- City: Amherst, New York
- Founded: 1994
- Home arena: Marine Midland Arena (1997) Buffalo State Ice Arena (1998-1999) Northtown Center (2008-present)
- Colors: Black, jade, grape, silver, white
- Head coach: Eric Haak

Franchise history
- 1994–1995: Phoenix Cobras
- 1996: Empire State Cobras
- 1997–present: Buffalo Wings

= Buffalo Wings (inline hockey) =

The Buffalo Wings are an inline hockey team, playing in Major League Roller Hockey and formerly in Roller Hockey International, that is based in the city of Buffalo, New York.

== History ==
The Buffalo Wings franchise was originally the Phoenix Cobras from 1994 to 1995, and the Empire State Cobras in 1996.

The 1996 Cobras consisted of former Buffalo Stampede players who joined the team after their franchise folded following the 1995 Roller Hockey International season.

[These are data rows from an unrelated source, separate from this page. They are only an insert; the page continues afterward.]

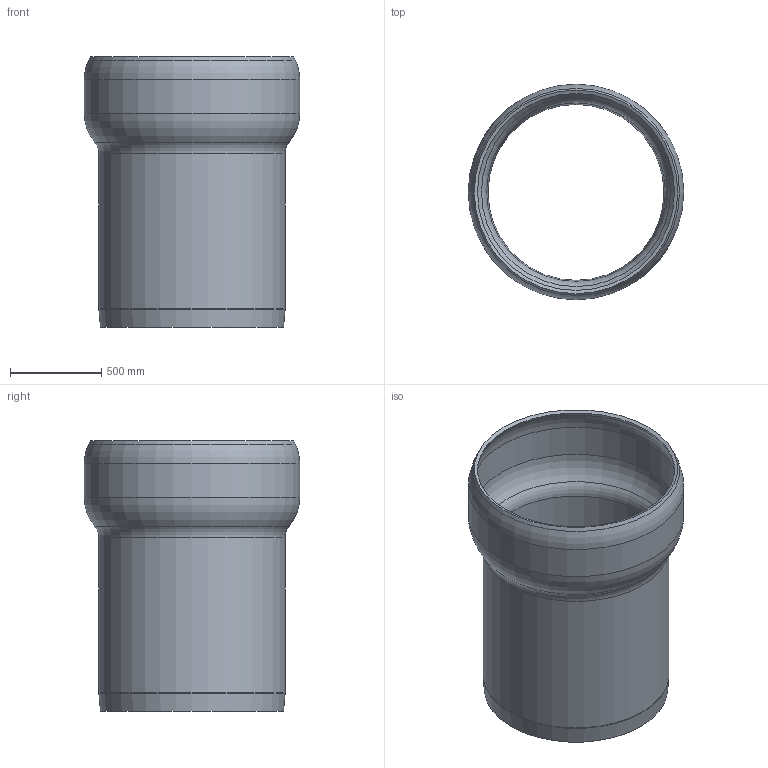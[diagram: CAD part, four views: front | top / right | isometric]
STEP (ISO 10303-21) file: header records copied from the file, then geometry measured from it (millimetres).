
FILE_DESCRIPTION(/* description */ (''),/* implementation_level */ '2;1');
FILE_NAME(/* name */ '15587.100X_3D.stp',/* time_stamp */ '2024-12-12T06:54:51+01:00',/* author */ ('CAD'),/* organization */ (''),/* preprocessor_version */ 'ST-DEVELOPER v20',/* originating_system */ 'AutoCAD Mechanical',/* authorisation */ '');
FILE_SCHEMA (('AUTOMOTIVE_DESIGN { 1 0 10303 214 3 1 1 }'));
Length unit declared in the file: centimetre
Products named in the file (2): Product; *S0
Assembly tree (1 placements, depth 2):
  Product
    *S0
Bounding box: 1180 x 1180 x 1480 mm (x, y, z)
Volume: 98442872.5 mm3; surface area: 9975315.8 mm2
Topology: 1 solids, 1 shells, 18 faces, 48 edges, 30 vertices
Faces by surface type: torus 8, cone 8, cylinder 2
Full cylindrical faces by diameter (mm): 980 x1, 1020 x1
Entity records: 636 total; most frequent: DIRECTION 128, CARTESIAN_POINT 99, ORIENTED_EDGE 96, AXIS2_PLACEMENT_3D 59, EDGE_CURVE 48, CIRCLE 38, VERTEX_POINT 30, FACE_OUTER_BOUND 18
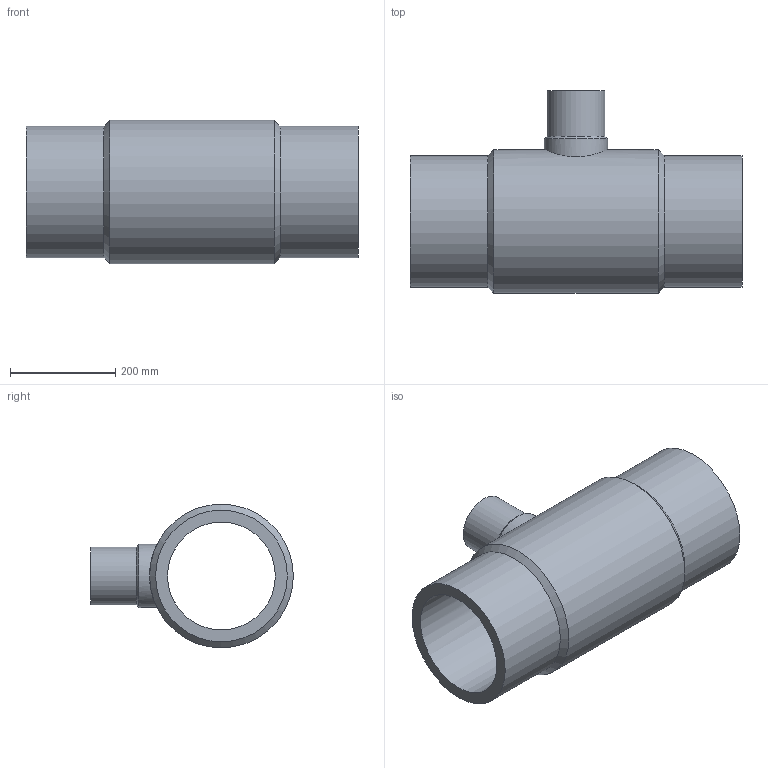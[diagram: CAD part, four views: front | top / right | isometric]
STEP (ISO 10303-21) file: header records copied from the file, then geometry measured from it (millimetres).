
FILE_DESCRIPTION (( 'STEP AP203' ), '1' );
FILE_NAME ('581247626.STEP', '2017-07-28T13:38:13', ( '' ), ( '' ), 'SwSTEP 2.0', 'SolidWorks 2017', '' );
FILE_SCHEMA (( 'CONFIG_CONTROL_DESIGN' ));
Length unit declared in the file: inch
Products named in the file (1): 581247626
Bounding box: 630 x 384.35 x 272.7 mm (x, y, z)
Volume: 13415977.3 mm3; surface area: 1033214.9 mm2
Topology: 1 solids, 1 shells, 13 faces, 30 edges, 19 vertices
Faces by surface type: cylinder 7, plane 3, cone 3
Full cylindrical faces by diameter (mm): 90 x1, 110 x1, 120 x1, 204.6 x1, 250 x2, 272.7 x1
Entity records: 611 total; most frequent: CARTESIAN_POINT 298, DIRECTION 52, EDGE_LOOP 28, ORIENTED_EDGE 28, AXIS2_PLACEMENT_3D 26, FACE_OUTER_BOUND 20, VERTEX_POINT 14, EDGE_CURVE 14
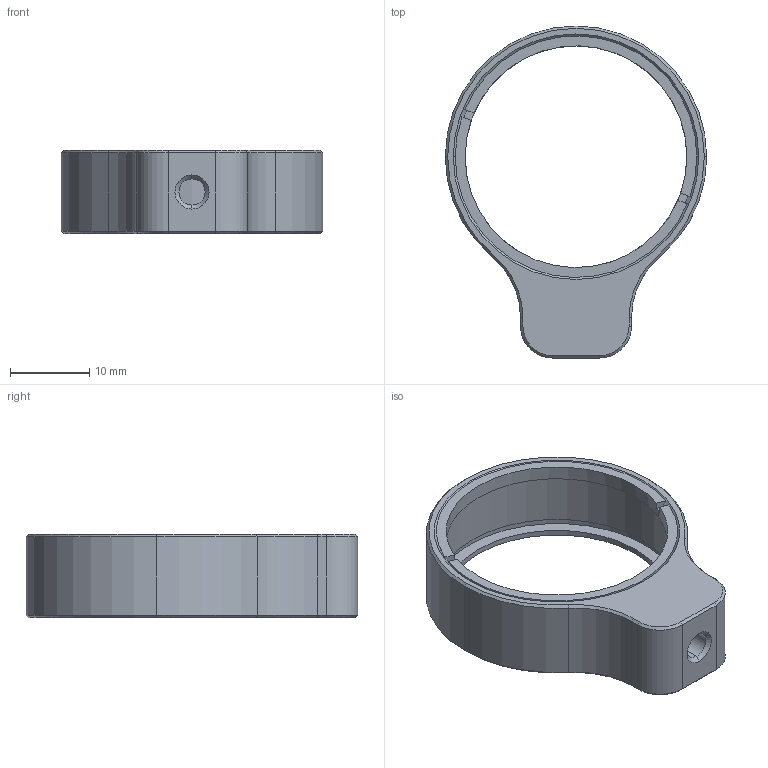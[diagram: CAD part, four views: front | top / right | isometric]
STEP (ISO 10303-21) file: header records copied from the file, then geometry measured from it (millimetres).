
FILE_DESCRIPTION (( 'STEP AP203' ), '1' );
FILE_NAME ('GCM-081230M_三维.STEP', '2020-09-27T09:07:47', ( 'Microsoft' ), ( 'Microsoft' ), 'SwSTEP 2.0', 'SolidWorks 2015', '' );
FILE_SCHEMA (( 'CONFIG_CONTROL_DESIGN' ));
Length unit declared in the file: millimetre
Products named in the file (1): GCM-081230M_三维
Bounding box: 33 x 41.9 x 10.5 mm (x, y, z)
Surface area: 3587.9 mm2 (no closed solid volume)
Topology: 0 solids, 2 shells, 128 faces, 337 edges, 218 vertices
Faces by surface type: plane 58, cylinder 50, cone 20
Entity records: 4037 total; most frequent: DIRECTION 725, CARTESIAN_POINT 684, ORIENTED_EDGE 646, EDGE_CURVE 337, AXIS2_PLACEMENT_3D 259, VERTEX_POINT 218, LINE 207, VECTOR 207

Relocated from Glen Falls, New York and renamed as the Buffalo Wings, the team played the 1997 season at the Marine Midland Arena. The arrival of the Wings marked the return of professional roller hockey to Buffalo, having been the home of the short-lived Buffalo Stampede, which played at the Buffalo Memorial Auditorium from 1994 to 1995. From 1998 to 1999, the team played at the Buffalo State Sports Arena at Buffalo State College.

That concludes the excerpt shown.